けどその顔は紅潮しており、今すぐ求めているということが、梨子には分かった。
先ほどまで善子の唇を奪っていた口は、今度は善子の乳首をついばみ始めた。
「はぁっ!んんんー!!」
唇で挟んで吸い付き、時に舌先で先端を刺激する。
「あぁん!んぁぁぁっぁ!」
「善子ちゃん、感じてるね。勃ってる」
「そ、そりゃ、勃つわよぉ!」
「ねぇ善子ちゃん。口で吸われるのと指で摘ままれるの、どっちが好き?」
「ひゃぅぅ!!」
艶めかしい笑顔で善子を見つめながら、両手の指で善子の乳首を摘まむ。
指が動き乳首が締め付けられる度に、善子は嬌声を発す。
「あんっ!あぁ!んぁぁ!!」
「教えて?もっと、善子ちゃんを気持ちよくしたい」
「はぁぁん!い、いじわるぅ!」
「ふふ」
もっと善子の反応を見たくて、また指を動かした。
力を入れずこまめに動いたり、逆に力を強めて絞るようにしてみたり。
その度に善子は激しく喘ぎ、息が乱れていく。
「り、梨子ぉ」
「なに善子ちゃん?」
「そ、その……」
「どうしたの?」
「ひゃぁぁぁん!!ち、乳首、強く摘ままないでぇ」
「好きでしょ?」
「す、好きだけど。
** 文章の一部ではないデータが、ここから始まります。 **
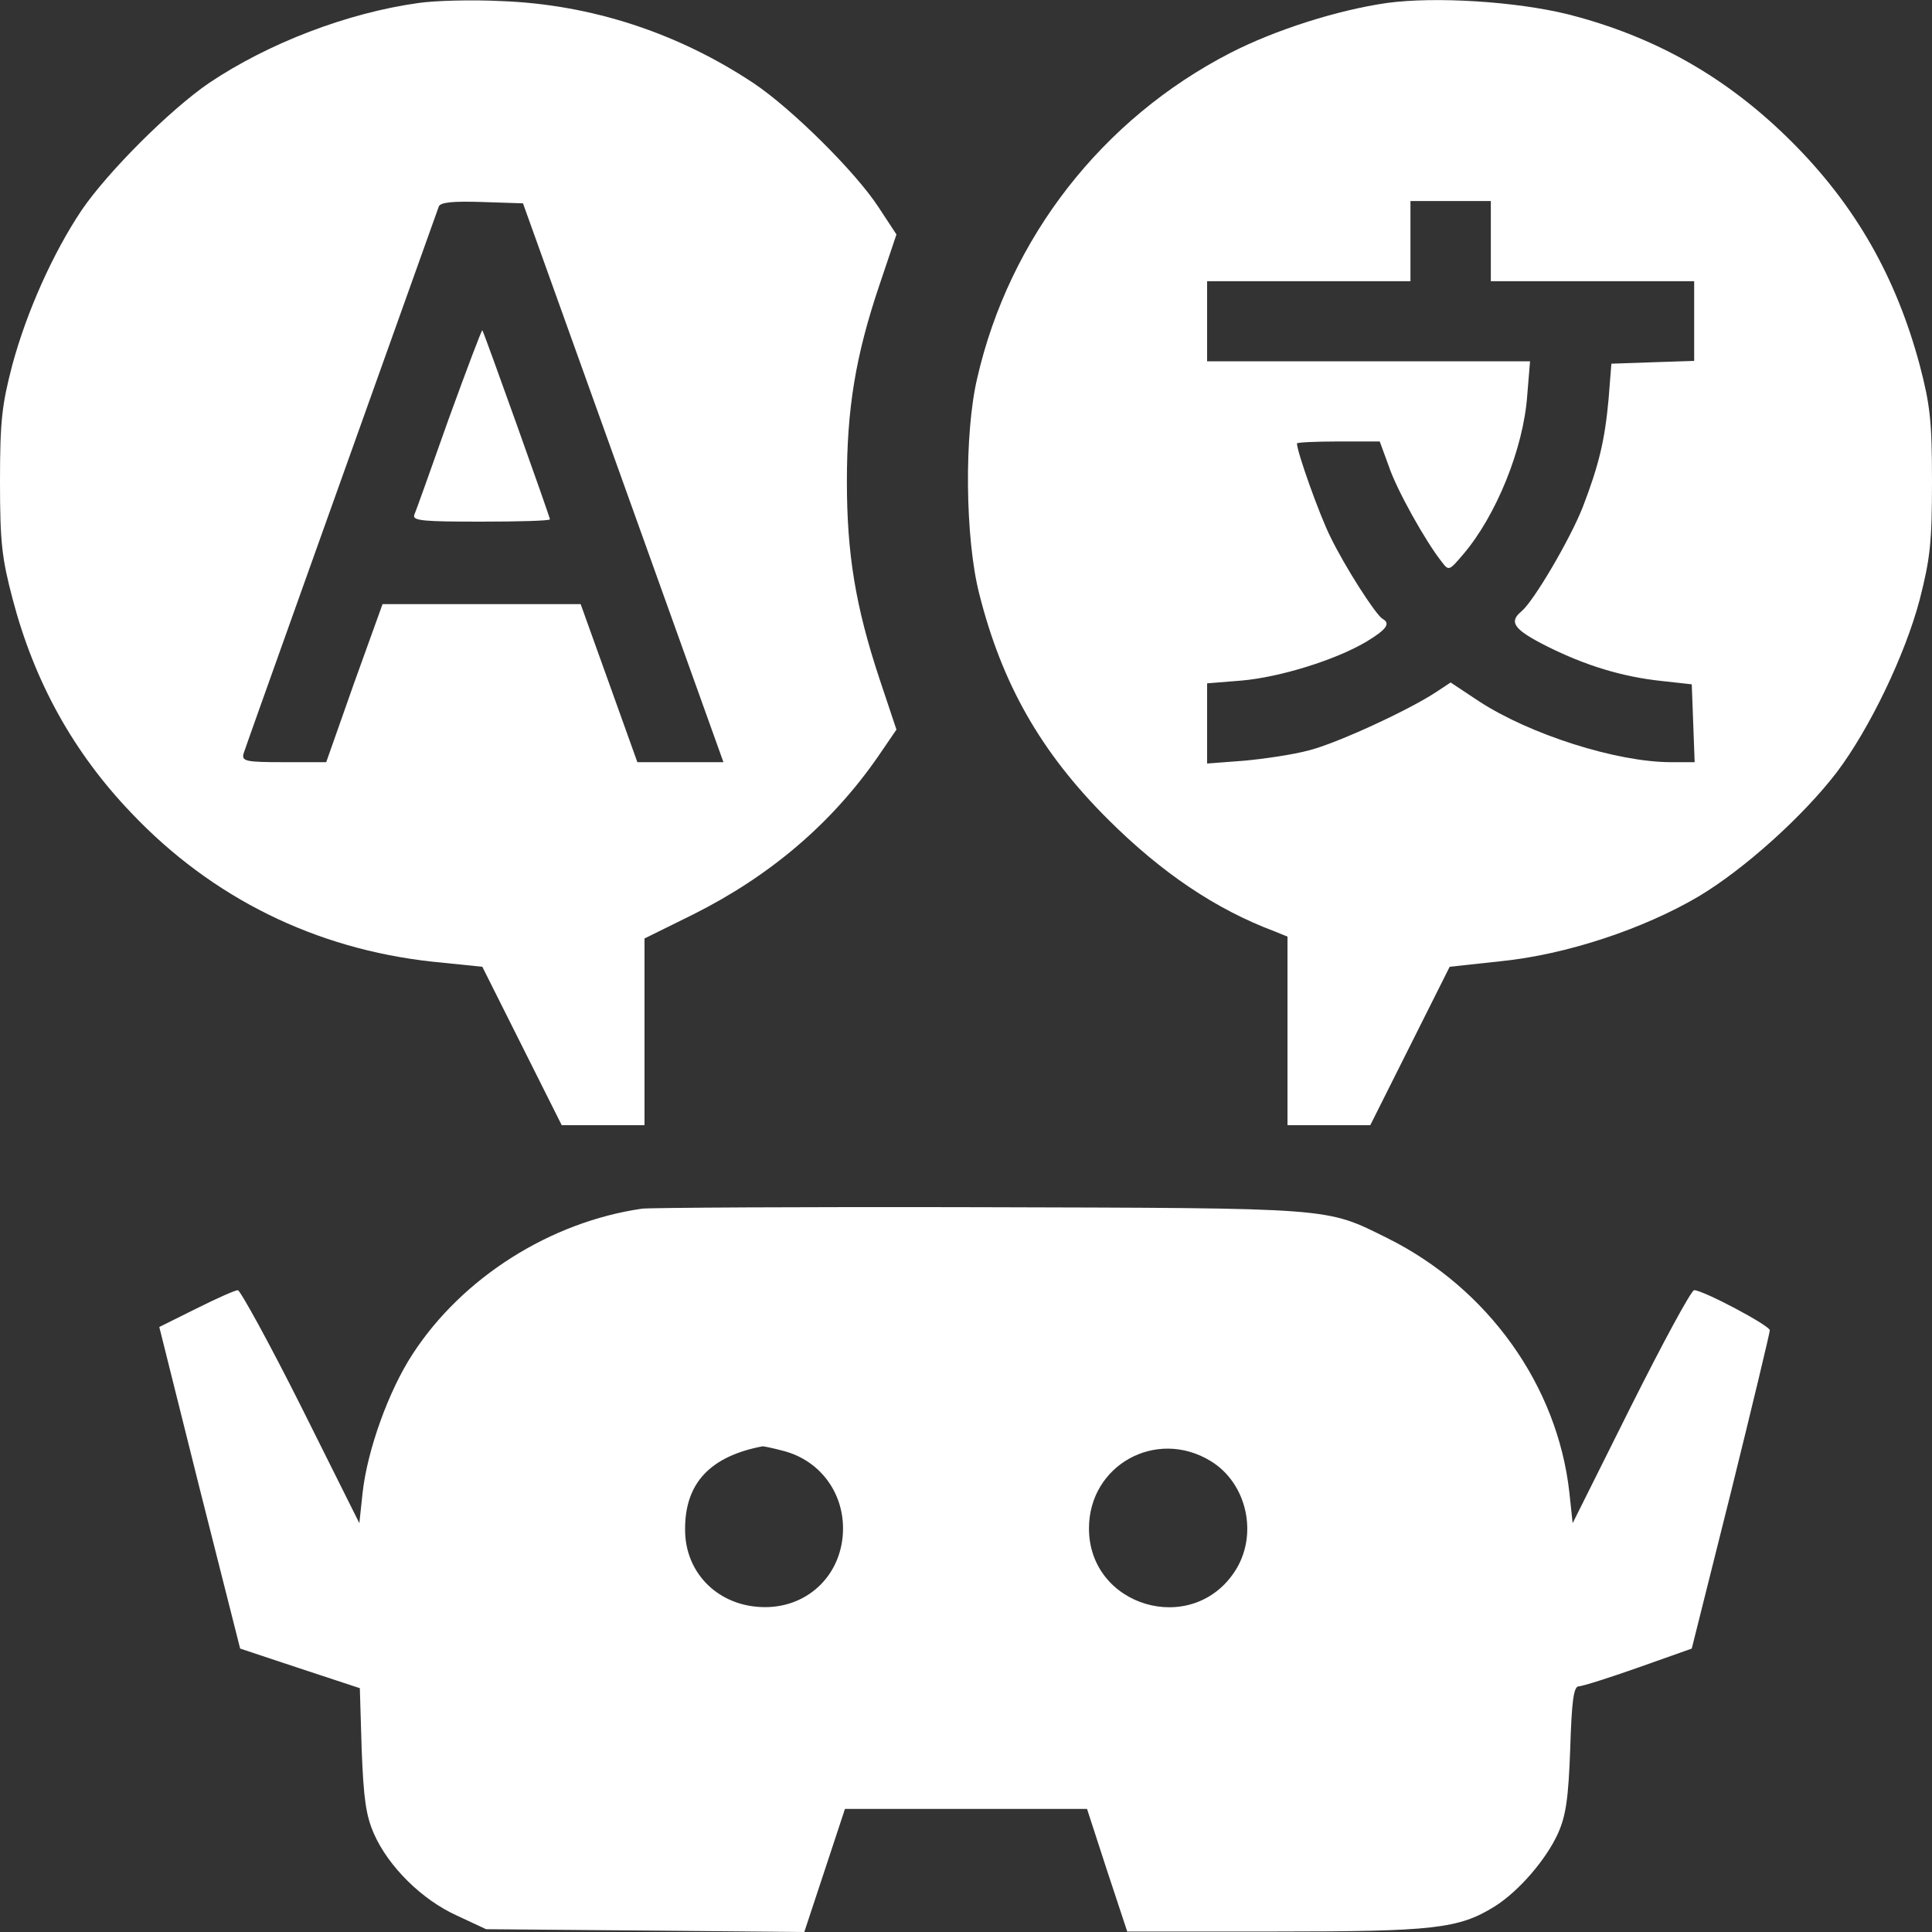<svg width="20" height="20" viewBox="0 0 20 20" fill="none" xmlns="http://www.w3.org/2000/svg">
<rect x="0" y="0" width="20" height="20" fill="#333333" stroke="none"/>
<path d="M4.332 0.031C3.598 0.133 2.78 0.445 2.163 0.86C1.762 1.134 1.121 1.773 0.847 2.173C0.548 2.618 0.274 3.233 0.127 3.78C0.02 4.19 0 4.356 0 4.985C0 5.62 0.02 5.781 0.132 6.206C0.357 7.06 0.759 7.787 1.356 8.412C2.193 9.296 3.265 9.823 4.474 9.955L4.993 10.008L5.404 10.828L5.815 11.648H6.241H6.672V10.682V9.715L7.176 9.466C7.974 9.066 8.61 8.524 9.09 7.831L9.28 7.553L9.104 7.026C8.855 6.274 8.767 5.732 8.767 4.985C8.767 4.233 8.855 3.687 9.104 2.95L9.28 2.427L9.094 2.144C8.855 1.778 8.199 1.129 7.807 0.865C7.024 0.343 6.123 0.045 5.184 0.011C4.885 -0.004 4.503 0.006 4.332 0.031ZM6.451 4.995L7.489 7.89H7.044H6.598L6.304 7.07L6.011 6.254H4.983H3.96L3.666 7.07L3.377 7.89H2.937C2.545 7.89 2.501 7.88 2.521 7.802C2.54 7.738 3.588 4.809 4.542 2.139C4.557 2.095 4.679 2.081 4.988 2.091L5.414 2.105L6.451 4.995Z" fill="white"/>
<path d="M4.645 4.336C4.464 4.849 4.303 5.298 4.288 5.332C4.268 5.391 4.391 5.4 4.978 5.4C5.37 5.4 5.693 5.391 5.693 5.376C5.693 5.352 5.008 3.433 4.993 3.419C4.988 3.409 4.831 3.824 4.645 4.336Z" fill="white"/>
<path d="M14.356 0.031C13.847 0.104 13.201 0.309 12.736 0.548C11.41 1.231 10.45 2.462 10.117 3.911C9.98 4.487 9.99 5.571 10.137 6.147C10.372 7.079 10.773 7.787 11.468 8.48C12.021 9.032 12.584 9.413 13.196 9.642L13.328 9.696V10.672V11.648H13.759H14.185L14.596 10.828L15.007 10.008L15.541 9.95C16.216 9.881 17.009 9.618 17.582 9.281C18.057 8.998 18.669 8.446 19.016 7.992C19.354 7.543 19.721 6.782 19.873 6.206C19.98 5.786 20 5.62 20 4.985C20 4.356 19.98 4.19 19.873 3.78C19.628 2.867 19.207 2.125 18.546 1.466C17.881 0.802 17.132 0.377 16.231 0.148C15.697 0.016 14.861 -0.038 14.356 0.031ZM15.433 2.496V2.911H16.485H17.538V3.326V3.736L17.112 3.75L16.681 3.765L16.652 4.131C16.613 4.556 16.554 4.809 16.383 5.254C16.251 5.586 15.879 6.22 15.751 6.328C15.614 6.44 15.673 6.518 16.011 6.689C16.412 6.889 16.789 7.006 17.205 7.05L17.513 7.084L17.528 7.485L17.543 7.89H17.298C16.735 7.89 15.835 7.602 15.311 7.26L15.017 7.065L14.87 7.162C14.591 7.348 13.842 7.694 13.549 7.768C13.387 7.812 13.084 7.856 12.878 7.875L12.496 7.904V7.489V7.074L12.854 7.045C13.245 7.011 13.818 6.835 14.141 6.645C14.351 6.518 14.4 6.455 14.312 6.406C14.239 6.362 13.921 5.864 13.774 5.561C13.661 5.337 13.426 4.678 13.426 4.59C13.426 4.58 13.617 4.57 13.857 4.57H14.283L14.376 4.824C14.459 5.073 14.758 5.605 14.924 5.815C14.998 5.913 15.002 5.908 15.144 5.742C15.487 5.342 15.771 4.644 15.81 4.092L15.839 3.74H14.165H12.496V3.326V2.911H13.549H14.601V2.496V2.081H15.017H15.433V2.496Z" fill="white"/>
<path d="M6.647 12.512C5.697 12.649 4.787 13.225 4.273 14.015C4.023 14.396 3.803 15.011 3.754 15.45L3.72 15.768L3.118 14.562C2.785 13.898 2.486 13.356 2.462 13.356C2.433 13.356 2.237 13.444 2.031 13.547L1.649 13.737L2.065 15.402L2.486 17.066L3.103 17.271L3.725 17.476L3.744 18.111C3.764 18.623 3.788 18.794 3.872 18.985C4.023 19.326 4.371 19.668 4.728 19.829L5.032 19.971L6.681 19.985L8.326 20L8.536 19.365L8.747 18.726H10H11.253L11.459 19.36L11.669 19.995H13.201C14.846 19.995 15.1 19.966 15.472 19.736C15.727 19.575 16.006 19.248 16.128 18.98C16.211 18.794 16.236 18.619 16.255 18.101C16.27 17.613 16.29 17.457 16.343 17.457C16.378 17.457 16.657 17.369 16.96 17.262L17.513 17.066L17.92 15.441C18.14 14.552 18.321 13.796 18.321 13.771C18.321 13.722 17.631 13.356 17.538 13.356C17.508 13.356 17.215 13.898 16.882 14.562L16.28 15.768L16.246 15.45C16.123 14.342 15.404 13.337 14.366 12.819C13.715 12.497 13.842 12.507 10.147 12.497C8.301 12.492 6.73 12.502 6.647 12.512ZM8.115 15.021C8.482 15.118 8.727 15.441 8.727 15.822C8.727 16.285 8.38 16.637 7.92 16.637C7.445 16.637 7.087 16.29 7.092 15.826C7.092 15.353 7.352 15.075 7.895 14.972C7.91 14.972 8.008 14.992 8.115 15.021ZM12.53 15.123C12.912 15.353 13.03 15.895 12.78 16.271C12.335 16.944 11.273 16.632 11.273 15.822C11.273 15.167 11.968 14.782 12.53 15.123Z" fill="white"/>
</svg>

そうじゃなくて」
「何が良いの?」
「あ、アソコと一緒に攻められるのが、す、すごく気持ちいいの……」
「うん、分かった」
片方の手を胸からどけ、そっと善子の秘部へと触れる。
「んっ」
「善子ちゃん、すごく感じてたんだね。こんなに濡れてる」
「ふぁぁ!だ、だめ」
「ふふっ、まだ軽くしか触れてないのに、もう感じてるのね」
「だ、だって」
「分かってる。もっと、気持ちよくさせてあげるから」
表面に触れていた指を、善子の秘部の奥へと挿れる。
「あぁぁぁん!!」
膣の中に挿った指を出し入れしたり、中で掻き回す。
同時に、胸に触れたままの手で、再び乳首を摘まみ始める。
「あぁん!んぁぁ!んんっ!あん!そ、こぉ!だ、あぁぁぁんっ!!」
「善子ちゃん、すごい。聞こえる?こんなにぐちょぐちょしてるよ」
「あぁん!だめ、だめー!イク、あぁぁっぁぁぁぁん!!」
絶叫とともに腰が激しく浮く。
同時に梨子は善子の秘部から指を抜いた。
そして善子の秘部から、断続的に愛液が飛沫をあげた。
「すごい……。善子ちゃん、可愛い」
「ふぇぇ。お、お漏らししちゃった……」
「違うわよ。これ、潮吹きっていうの。知らなかった?」
「し、潮吹き?これ、が……?」
知識としては知っていた。けど、いざ自分が体験するとは思っていなかった。
それに、イったばかりで、あまり頭が回らない。
「ねぇ善子ちゃん。善子ちゃんがイったの見て、その、私もすごく疼いてきて」
「うん……」
「ねぇ、私にも、して?」
紅潮した頬。自分を見つめる潤んだ瞳。可愛くて、愛おしい。
梨子を攻めたい。梨子を感じさせたい。
けど、
「なんか、腰に、力、入んなくて……」
「え?」
初めて潮を吹くほどの激しい快感を得たばかりの善子の身体は疲労感により、思うように力が入らなくなっていた。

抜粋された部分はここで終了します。